To put a practical face to this, I'm on the executive of our local Wildlife Federation branch and a couple years ago, one of the other executive members showed up at our meeting to relay a story about his encounter with a conservative officer (game warden).

The fellow was out spotting geese one Sunday evening. As he sat in his truck watching the geese come in, the CO pulled up and during the subsequent conversation, the fellow told the CO he was trying to line up a shoot for the following day.

The CO's response was -- and I paraphrase -- "I could charge you right now because under the definition, you're hunting."

This, of course, was open to interpretation and maybe our Environment Department leaves the definition deliberately cloudy.

So, Fallguy, if a non-resident who only does the calling accompanies a Saskatchewan resident during a coyote hunt, is he 'hunting'?

Does calling a coyote fall within the definition of, say, "pursuing" or "on the trail of" or "worrying"?

I'd say it does and if a CO wants to bust your chops, the "Hunting..." as per the Guide's definition, probably gives him a good chance of succeeding.

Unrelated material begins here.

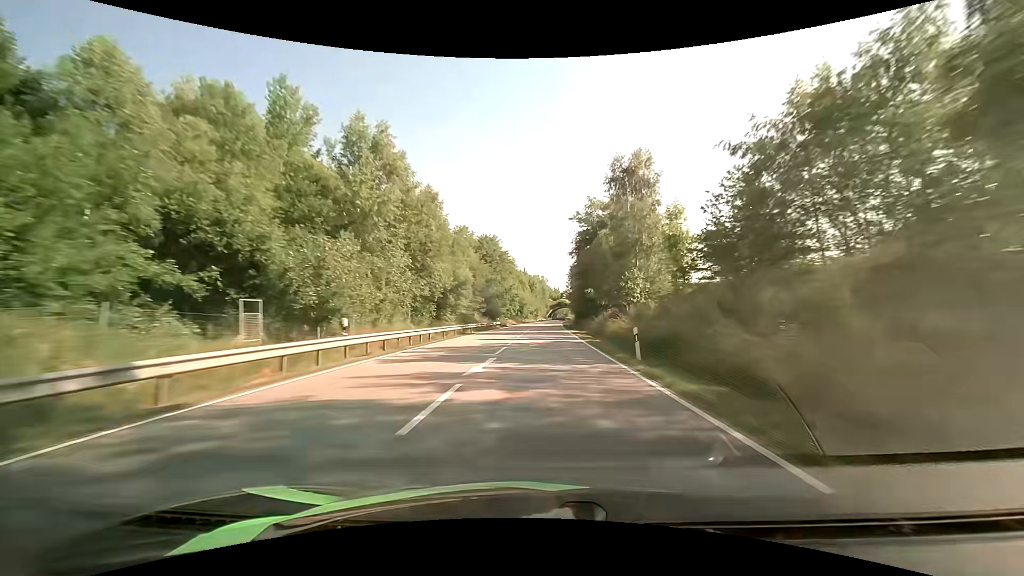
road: primary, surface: asphalt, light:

If, by chance, anyone plans come to Saskatchewan to call coyotes, I'd suggest a couple things to consider. First, call the Environment Department to get their stance on the legality of calling.

And second, get ahold of Wooly. Any CO who knows how well Wooly can shoot sure ain't gonna wanna mess with him. :lol:

Good luck and shoot straight. And if those Environment boys ever get it together, give me a shout (you too, kdog) and we'll go out and whack a bunch. :beer: Saskcoyote


----------



## Fallguy (Jan 23, 2004)

Would the "laying in wait" or "following after" parts of that law apply to someone photographing animals, even if they are not killed in the process?

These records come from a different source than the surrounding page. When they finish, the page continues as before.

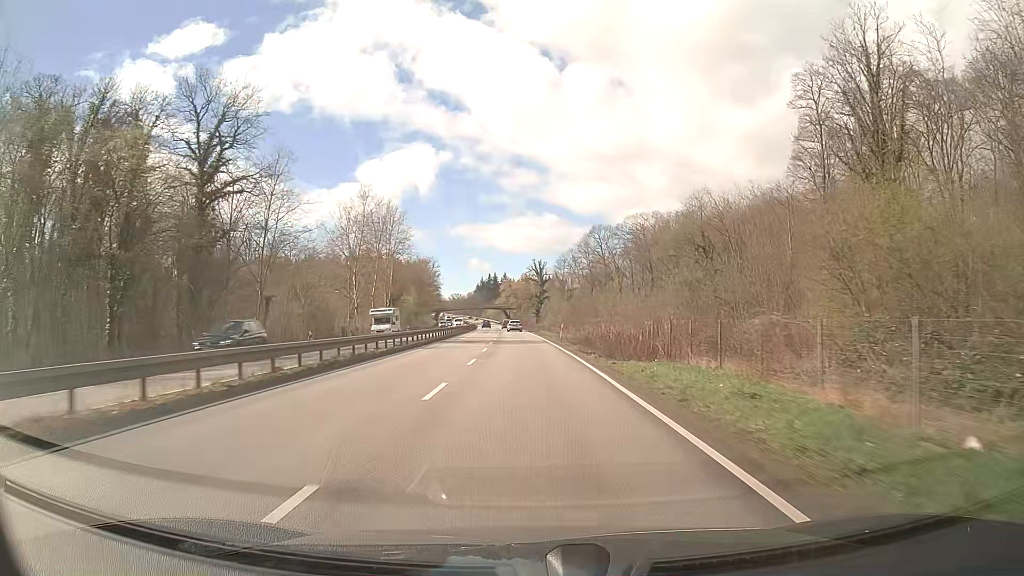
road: trunk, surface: asphalt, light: Day
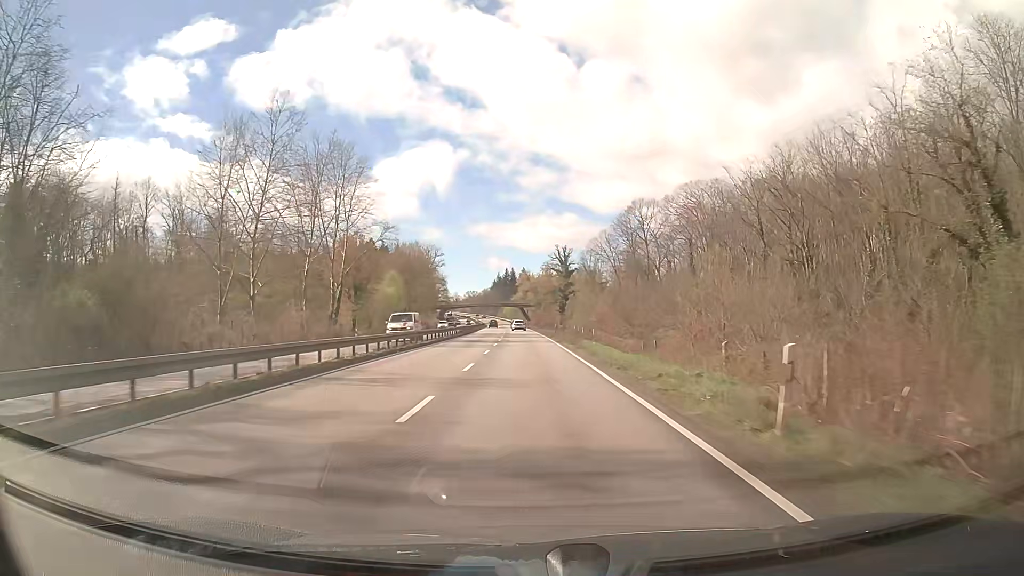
(-0.5, +38.8) m; -2°
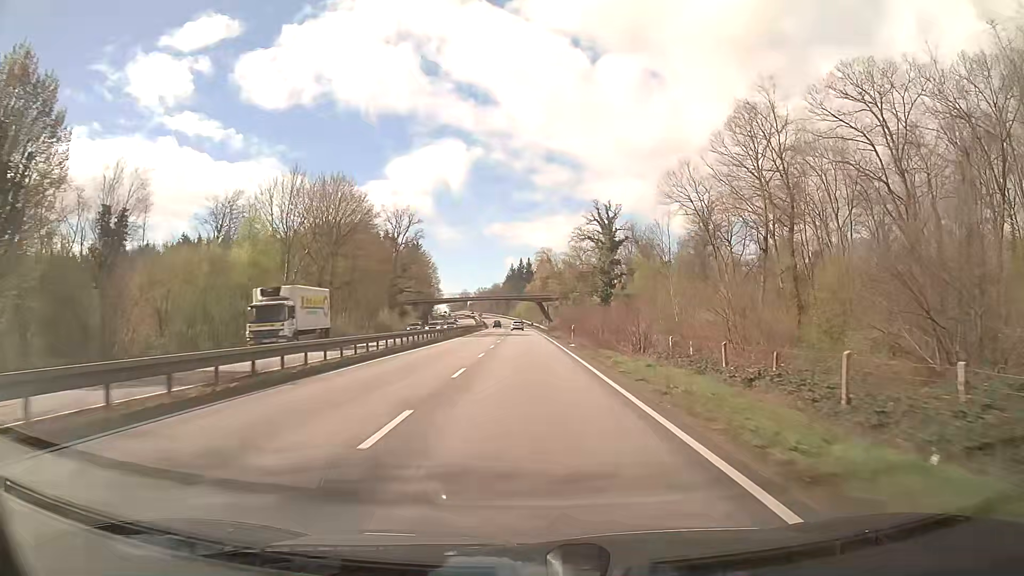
(-0.8, +65.2) m; -2°
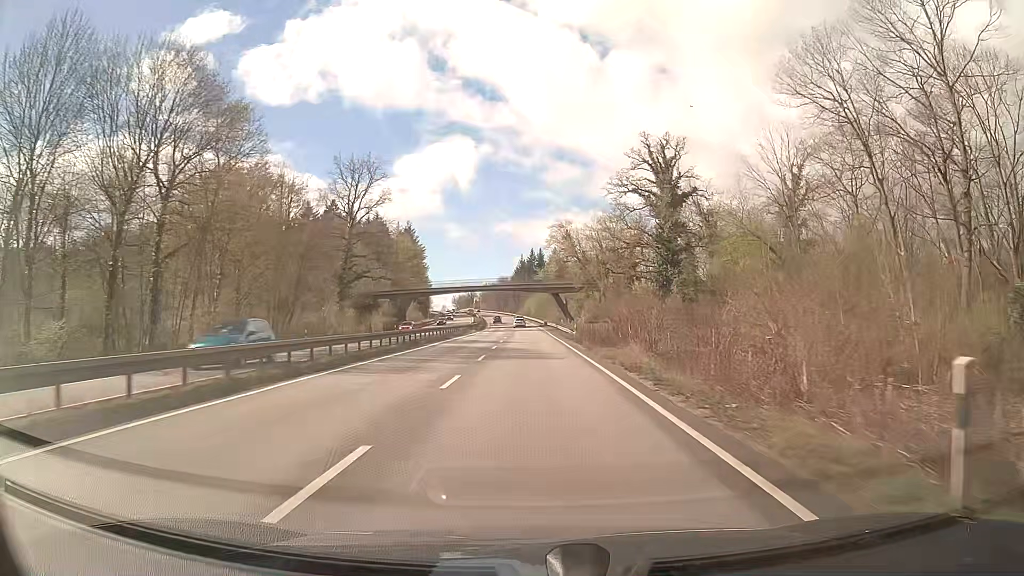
(-0.2, +39.2) m; -1°
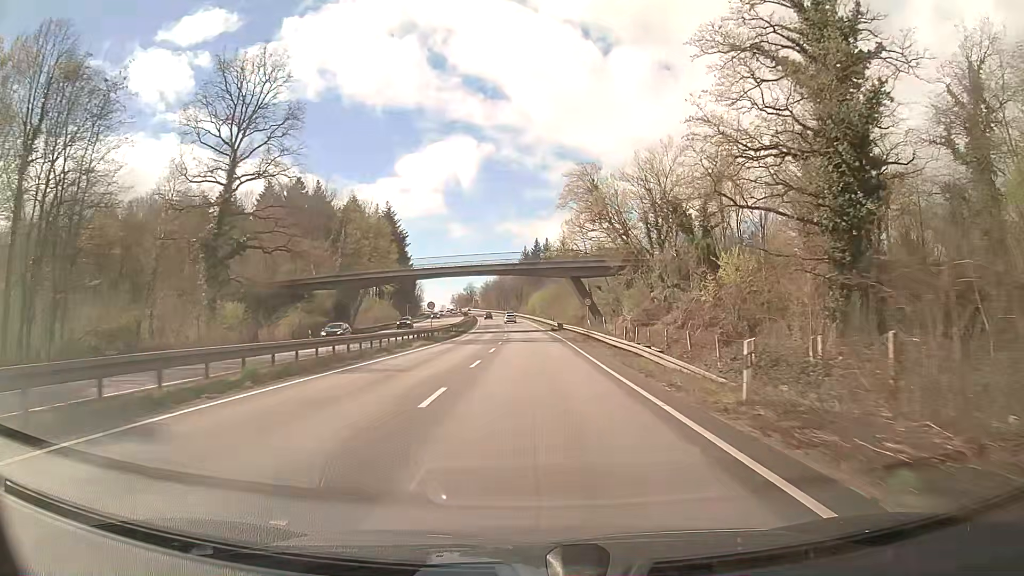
(-0.1, +38.8) m; 0°
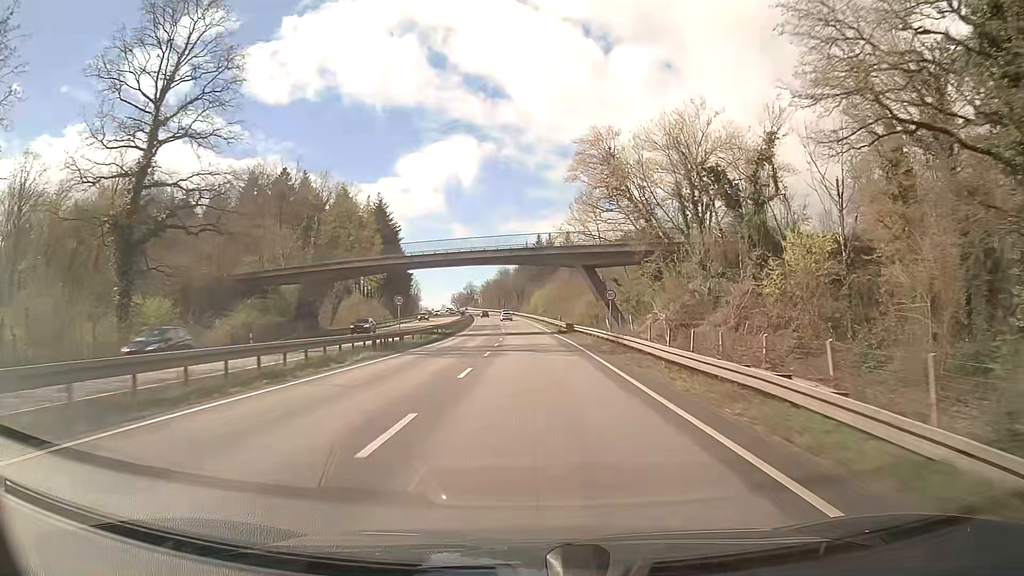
(0.0, +12.9) m; 0°
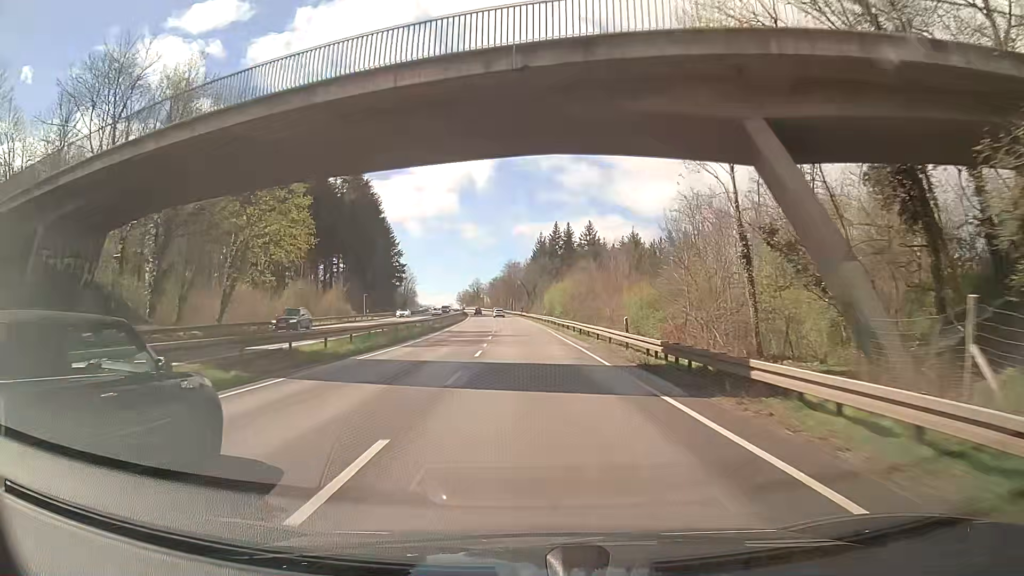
(-0.3, +38.3) m; -1°
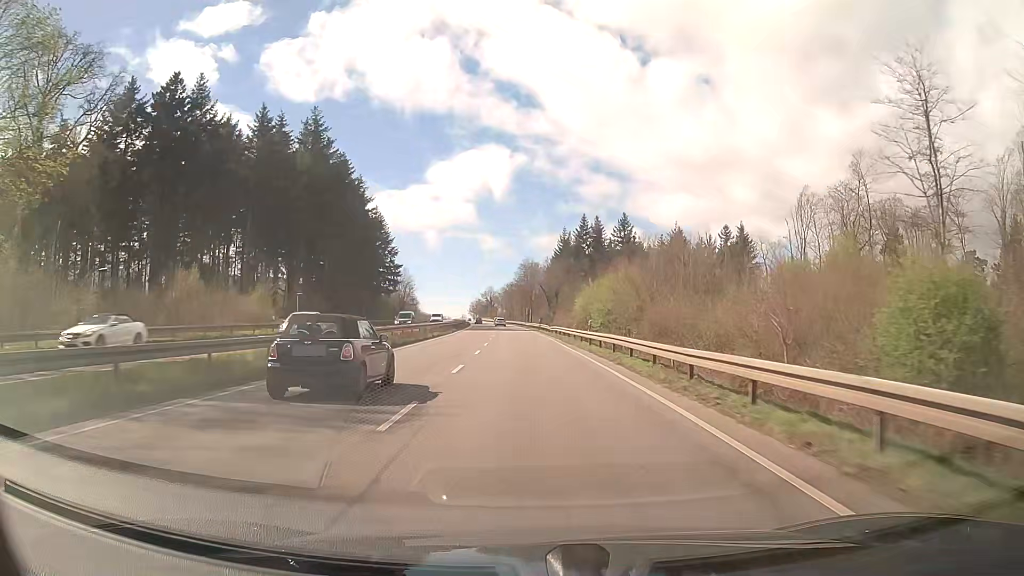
(-0.4, +38.1) m; -1°
(0, +10) (0, +20) (0, +30) (-1, +40) (-1, +50) (-1, +60) (-2, +70) (-2, +80) (-3, +90) (-4, +100) m

Maybe I am just jumping to quick judgement here, but that law seems to be written in a way that allows the CO's to write some tickets and make some extra money.

I will be on the forums later in the weekend, and I will have reflected upon your post a little more. Perhpas the law will make more sense later, but I am not sure it will. :lol:

Thanks for the post saskcoyote!


----------



## kdog (Mar 13, 2007)

Hello Sask,

Thanks for the interesting post(s) - as per usual. I would truly enjoy "whackin" a bunch of coyotes with you some day if the rules change.

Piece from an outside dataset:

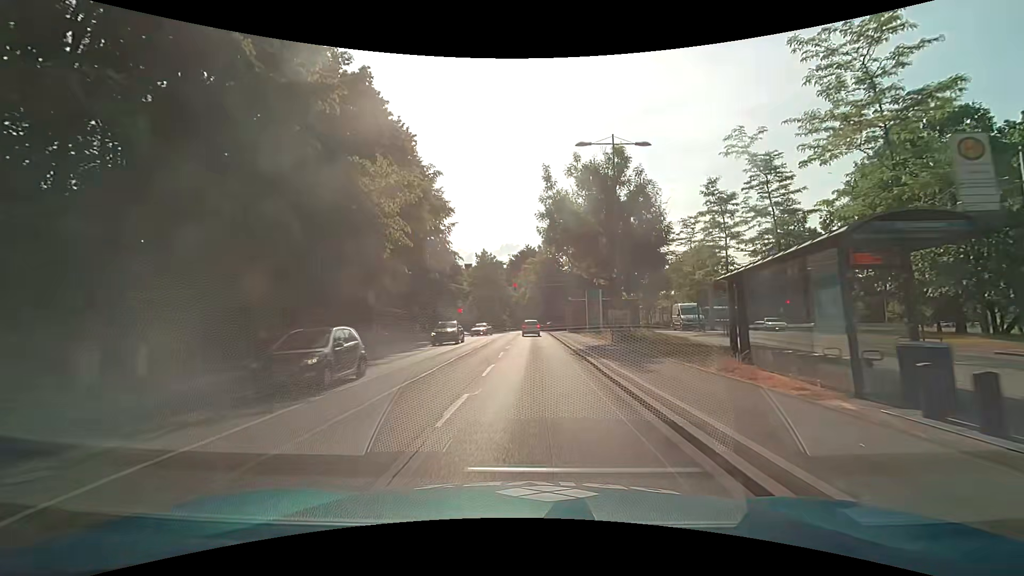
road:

I often wonder how that Critter Call works for you, if you use it to KiYi etc. Hopefully it will/has put more fur on the stretcher for you. I know I wouldn't be without mine - even using an electronic call.

Hope you continue to have a great season (looks like you've got the shoot straight part down). :beer:


----------



## saskcoyote (Dec 30, 2006)

Hi kdog: Yup, used the 'kiyi' just last Wednesday for the first time although it wasn't the Critter Call, it was the FX-3 variety.

Here's the scenario (and with it a long story). With a slight breeze from the south, I set up on the north side of a huge wooded area, about a mile long and half a mile wide.

I faced north and before me lay a combined canola field. Out about 100 yards was a long, narrow slough running east-west. After a couple minutes of JR distress, I noticed a yote coming from the east but lost him when he got into bullrushes by the slough.

A moment later, I see a coyote coming in from the west headed directly east. He was about 200 yards away on the far side of the slough. When it became obvious I wasn't going to coax him in and because I had a solid rest, I decided to squeeze off.

Bingo, he did the twirl and then, much to my amazement, he took off due north and disappeared over a hill. 

Just before the shot, however, the first yote that had disappeared in the bullrushes appeared and was trotting north and with the shot, he put it into a higher gear. He was probably close to 200 yards when I hit the Bill Austin Kiyi on the FX-3 and the yote stopped and turned to give me a broadside.

Whack! I could hear the HP hit but because the shot was between 220 and 250 yards (much farther than I feel comfortable in shooting) I wasn't sure where I hit him. He disappeared over a hill.

I walked out to where the first coyote was and expected to find him laying out in the stubble 50 yards max from where I hit him. But there were three small sloughs and I couldn't pick up a blood trail so the half-hour search was fruitless. 

I turned my attention to the second coyote, the one I thought I had less chance of getting, and there he was. The shot through the lungs dropped him less than 50 yards from where I shot him. 

So, the 'kiyi' worked. I got a second yote that evening, a spot and stalk on one I saw during a drive looking for honkers.

Last week was a decent week, I picked up four in three hunts but the coyotes up here are really working tough. At this point last year, I had 12 compared to six this year, and had more than twice as many call-ins.

And the ones I do call in are much more wary than last year. Other than the hard charger that knocked over my FX-3 and vamoosed as I hopelessly let loose a few rounds and the one that did exactly what he was supposed to do during yesterday morning's hunt, I've had only running shots or longer hang-ups.

Our annual week-long mule deer hunt to the west side of the province had to be put on hold this year so it'll give me a chance to get an extra week of prime-time coyote hunting, at least before the white-tail hunters hit the field, scaring the dickens out of every yote around.

Yes, we have plenty of coyotes but sometimes, they just don't want to co-operate and from what I've seen so far, that's the case this season.

How is your season so far? And what about the rest of you guys? Having any luck? I'd like to read a good story or two about how those American yotes are behaving.

Saskcoyote


----------